Chronic innate immune activation of TBK1 suppresses mTORC1 activity and dysregulates cellular metabolism

Abstract

Three-prime repair exonuclease 1 knockout (Trex1−/−) mice suffer from systemic inflammation caused largely by chronic activation of the cyclic GMP-AMP synthase–stimulator of interferon genes–TANK-binding kinase–interferon regulatory factor 3 (cGAS–STING–TBK1–IRF3) signaling pathway. We showed previously that Trex1-deficient cells have reduced mammalian target of rapamycin complex 1 (mTORC1) activity, although the underlying mechanism is unclear. Here, we performed detailed metabolic analysis in Trex1−/− mice and cells that revealed both cellular and systemic metabolic defects, including reduced mitochondrial respiration and increased glycolysis, energy expenditure, and fat metabolism.

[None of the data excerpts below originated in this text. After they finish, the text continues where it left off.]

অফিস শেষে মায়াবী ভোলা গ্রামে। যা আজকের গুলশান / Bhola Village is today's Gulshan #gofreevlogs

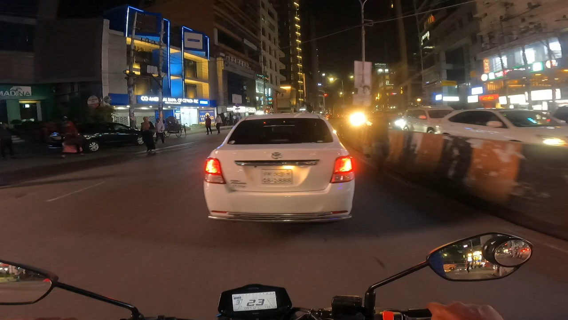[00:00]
আসসালামু আলাইকুম। আসলাম অফিস শেষে বাসায় যাচ্ছি।
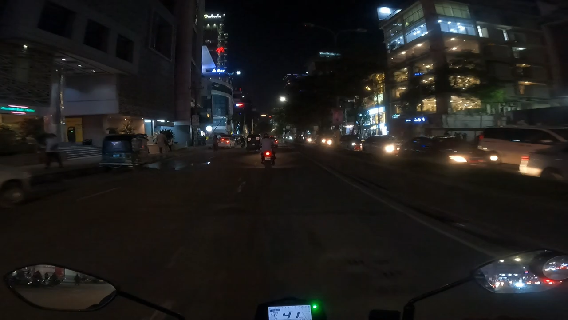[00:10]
আচ্ছা, ঢাকার এই অদ্ভুত আলো আধারের যে একটা মিলবন্ধন, সেটা আসলে রাতে ঢাকায় বোঝা যায়।
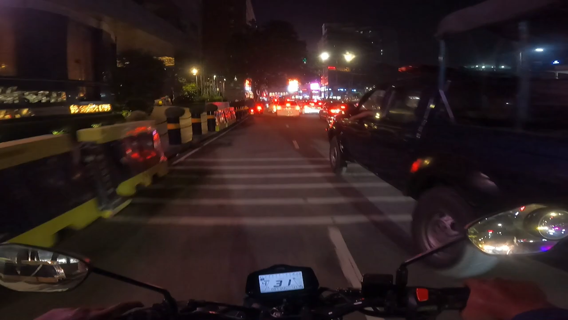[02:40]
ভালো, আপনারা চাইলে হাইস্টে থাকতে পারেন, খুব ভালো পার্টি।
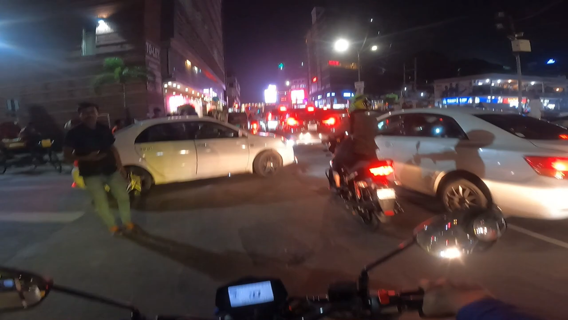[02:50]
যেহেতু আমি গুলশান দুই গুল চত্বরে চলে আসছি, গুল চত্বরটা সবসময় আসলে জ্যাম থাকে,
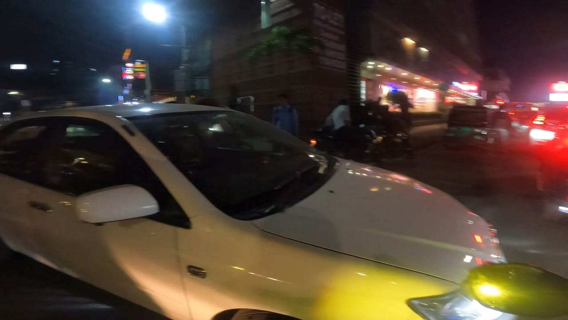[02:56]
কারণ আসলে সব দিক থেকে গাড়িগুলো আসা যাওয়া করে, তো যার জন্য সিগন্যালটা ভালোই বড় হয়।
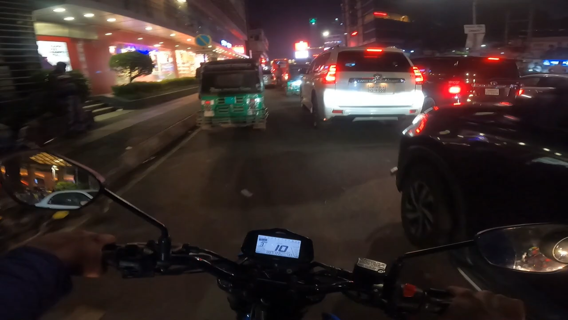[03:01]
আজকেও যথারীতি নাম চেষ্টা করছি কোনোভাবে বের হয়ে যাওয়ার জন্য, কিছুটা ফাঁকা পাওয়া গেছে, বের হয়ে যেতে পারবে। অবশ্য বাসগুলো এমন ভাবে রাখে মানে কোনো ধরনের রুলস নাই,
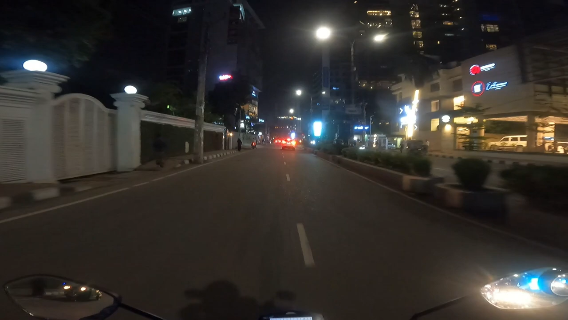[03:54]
এরকম একটা ফিল হয় রাত্রেবেলা। ভালোই হয় জায়গাটা, আসলে সুন্দর অনেক বেশি গুছানো, তো ঢাকার ভিতরে আমার মনে হয় এই জায়গাটাই সবচেয়ে বেশি গুছানো। এখন অবশ্য উত্তরা হচ্ছে, তবে উত্তরার ব্যাপারটা হচ্ছে কি, উত্তরা তো আগে যেরকম আগে গাছ ছিল,
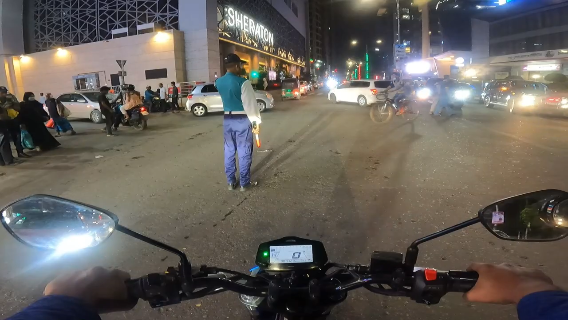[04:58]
শেরাটন হোটেলটা এখানে হয়েছে বেশ কিছুদিন, 3-4 বছর হয়েছে
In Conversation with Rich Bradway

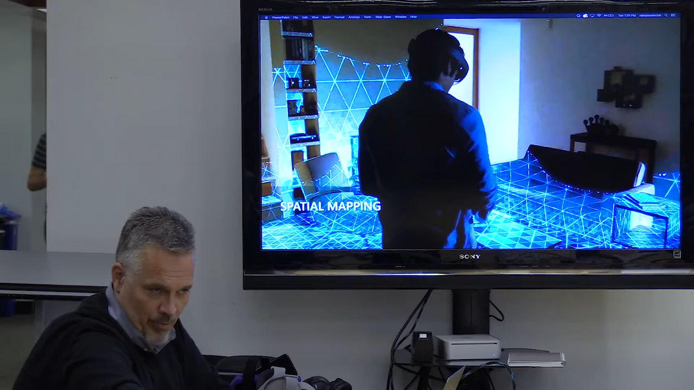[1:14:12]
newer terrain for museums, especially in the Norman Rockwell Museum, even the stuff that we're doing. And I had to explain to them what spatial mapping was and what all this stuff was, and they were just like, you can do that, and that, you know, like they were just freaked out by it. But I had to sort of explain to them what spatial mapping was, how you could use like a phone and do augmented reality to pick up stuff and identify things,

We also genetically separated the inflammatory and metabolic phenotypes by showing that Sting deficiency rescued both inflammatory and metabolic phenotypes, whereas Irf3 deficiency only rescued inflammation on the Trex1−/− background, and many metabolic defects persist in Trex1−/−Irf3−/− cells and mice. We also showed that Leptin deficiency (ob/ob) increased lipogenesis and prolonged survival of Trex1−/− mice without dampening inflammation. Mechanistically, we identified TBK1 as a key regulator of mTORC1 activity in Trex1−/− cells. Together, our data demonstrate that chronic innate immune activation of TBK1 suppresses mTORC1 activity, leading to dysregulated cellular metabolism.